I totally agree with the tenor of your post, and also frequently bemoan the omnipresence of music that no one listens to and few even know how to listen to.

It's caused me to avoid putting on a recording unless it's my main activity, but even more so to actively seek locations where I can hear no sounds made by humans. I know a place reasonably near my residence where I have clocked up to 25 minutes at a time with no human sounds at all. Just water, wind, and birds. After just the first small taste, I crave that experience. I didn't even know before that I craved it at all! But now I know.

Moments of quiet mindfulness are very precious, especially outdoors.


----------



## fbjim (Mar 8, 2021)

Out of curiosity, how many people developed a distaste for classical music/"the greats" specifically due to performance?

I didn't listen to classical for pleasure for two decades because I grew up as a cellist.


----------



## fbjim (Mar 8, 2021)

Knorf said:


> I totally agree with the tenor of your post, and also frequently bemoan the omnipresence of music that no one listens to and few even know how to listen to.
> 
> It's caused me to avoid putting on a recording unless it's my main activity, but even more so to actively seek locations where I can hear no sounds made by humans. I know a place reasonably near my residence where I have clocked up to 25 minutes at a time with no human sounds at all. Just water, wind, and birds. After just the first small taste, I crave that experience. I didn't even know before that I craved it at all! But now I know.
> 
> Moments of quiet mindfulness are very precious, especially outdoors.
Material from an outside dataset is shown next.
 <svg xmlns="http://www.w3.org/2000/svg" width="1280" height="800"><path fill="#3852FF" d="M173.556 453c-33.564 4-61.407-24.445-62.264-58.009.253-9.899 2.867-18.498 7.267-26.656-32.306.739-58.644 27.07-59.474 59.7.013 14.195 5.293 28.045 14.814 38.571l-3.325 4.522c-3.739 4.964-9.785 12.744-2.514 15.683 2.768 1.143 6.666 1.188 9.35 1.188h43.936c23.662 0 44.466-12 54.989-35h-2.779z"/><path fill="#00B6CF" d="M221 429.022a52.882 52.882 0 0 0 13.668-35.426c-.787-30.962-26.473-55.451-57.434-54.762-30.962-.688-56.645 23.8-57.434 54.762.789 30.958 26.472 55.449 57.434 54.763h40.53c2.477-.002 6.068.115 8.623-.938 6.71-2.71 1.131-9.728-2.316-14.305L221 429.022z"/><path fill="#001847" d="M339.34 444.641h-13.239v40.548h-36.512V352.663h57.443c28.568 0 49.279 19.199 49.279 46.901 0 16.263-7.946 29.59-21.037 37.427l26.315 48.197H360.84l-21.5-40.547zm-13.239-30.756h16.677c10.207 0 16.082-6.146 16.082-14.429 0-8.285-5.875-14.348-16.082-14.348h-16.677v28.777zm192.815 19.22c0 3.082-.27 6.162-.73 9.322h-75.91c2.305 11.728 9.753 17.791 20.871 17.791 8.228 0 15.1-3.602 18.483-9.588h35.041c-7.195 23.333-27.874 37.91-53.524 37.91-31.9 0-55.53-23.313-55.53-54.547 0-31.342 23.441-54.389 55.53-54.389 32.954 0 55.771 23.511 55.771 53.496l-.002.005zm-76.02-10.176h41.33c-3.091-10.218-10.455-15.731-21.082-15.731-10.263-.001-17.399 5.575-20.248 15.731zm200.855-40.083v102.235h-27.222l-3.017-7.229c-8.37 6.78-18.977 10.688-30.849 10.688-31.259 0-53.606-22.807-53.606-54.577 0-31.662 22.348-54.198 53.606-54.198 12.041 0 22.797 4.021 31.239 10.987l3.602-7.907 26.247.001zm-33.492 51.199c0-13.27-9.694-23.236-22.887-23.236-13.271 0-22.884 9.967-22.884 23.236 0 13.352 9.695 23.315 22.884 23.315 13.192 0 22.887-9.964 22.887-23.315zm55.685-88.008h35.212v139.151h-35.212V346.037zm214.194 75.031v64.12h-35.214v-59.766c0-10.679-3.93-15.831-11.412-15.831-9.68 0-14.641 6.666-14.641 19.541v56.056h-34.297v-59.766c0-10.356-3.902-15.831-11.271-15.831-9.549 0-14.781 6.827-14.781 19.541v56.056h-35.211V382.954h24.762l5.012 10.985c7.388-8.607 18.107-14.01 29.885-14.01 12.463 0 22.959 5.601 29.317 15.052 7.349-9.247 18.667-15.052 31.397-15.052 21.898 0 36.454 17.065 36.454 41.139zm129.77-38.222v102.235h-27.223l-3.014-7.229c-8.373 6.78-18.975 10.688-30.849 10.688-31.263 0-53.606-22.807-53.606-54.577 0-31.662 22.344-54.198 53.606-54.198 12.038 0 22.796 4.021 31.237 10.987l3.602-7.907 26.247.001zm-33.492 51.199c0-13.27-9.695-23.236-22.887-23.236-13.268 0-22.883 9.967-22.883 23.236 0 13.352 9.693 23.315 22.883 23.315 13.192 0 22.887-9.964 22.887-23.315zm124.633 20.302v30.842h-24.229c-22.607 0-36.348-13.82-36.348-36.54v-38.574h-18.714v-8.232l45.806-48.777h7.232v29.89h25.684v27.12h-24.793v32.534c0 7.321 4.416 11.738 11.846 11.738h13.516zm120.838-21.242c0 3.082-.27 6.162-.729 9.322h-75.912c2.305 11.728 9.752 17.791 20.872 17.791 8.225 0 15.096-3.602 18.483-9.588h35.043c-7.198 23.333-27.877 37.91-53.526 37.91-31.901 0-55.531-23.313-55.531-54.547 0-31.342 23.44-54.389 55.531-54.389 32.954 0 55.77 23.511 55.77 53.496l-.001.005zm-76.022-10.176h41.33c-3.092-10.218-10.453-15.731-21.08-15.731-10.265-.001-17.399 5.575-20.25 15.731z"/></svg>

For all its faults (dirty records/noise, rip-off prices, etc) one reason I've started to do more LP/turntable listening is that I like the ritual that comes with it. Cleaning the record, dusting it off, checking the needle is clean, etc. And the time investment really does motivate you to listen carefully, and really try to engage with challenging music, whereas when I'm out and about I'm more likely to listen to something I know I like.

That said, I can't stand pure silence. I love noise and people. I'm a city boy at heart, after all.


----------



## Enthusiast (Mar 5, 2016)

I suppose I could get a little tired of any piece if I listened to it again and again. A long rest - perhaps for years - might have me enjoying it again. But some composers seem to produce music that can be interpreted in so many different ways that it is always possible to keep it fresh. For me Beethoven and Mahler are the composers whose music often seems particularly fertile - there are always new insights to find. And then Mozart is a composer who always seems fresh to me.


----------



## Knorf (Jan 16, 2020)

fbjim said:


> That said, I can't stand pure silence. I love noise and people. I'm a city boy at heart, after all.


To be clear: in no way do I dislike human city noises. In fact, I like staying in hotels in urban centers for this reason. But human noises are easy to find, and very hard to avoid. Just getting away from regular jet noise can be tricky, depending on where you live.


----------



## Open Book (Aug 14, 2018)

Heck148 said:


> Orchestra musicians don't have a choice...the music director chooses the program....
> Overexposure has certainly affected my musical tastes over the years - it seems that conductors like to program the old warhorses, esp when they first take over an orchestra position.
> If i never have to perform or hear Tchaikovsky 4, 5 or Rach-y 2 it would be fine by me...they are way overplayed, overprogrammed. there are so many other symphonies that deserve the exposure, that would gain audience popularity if given the performance time.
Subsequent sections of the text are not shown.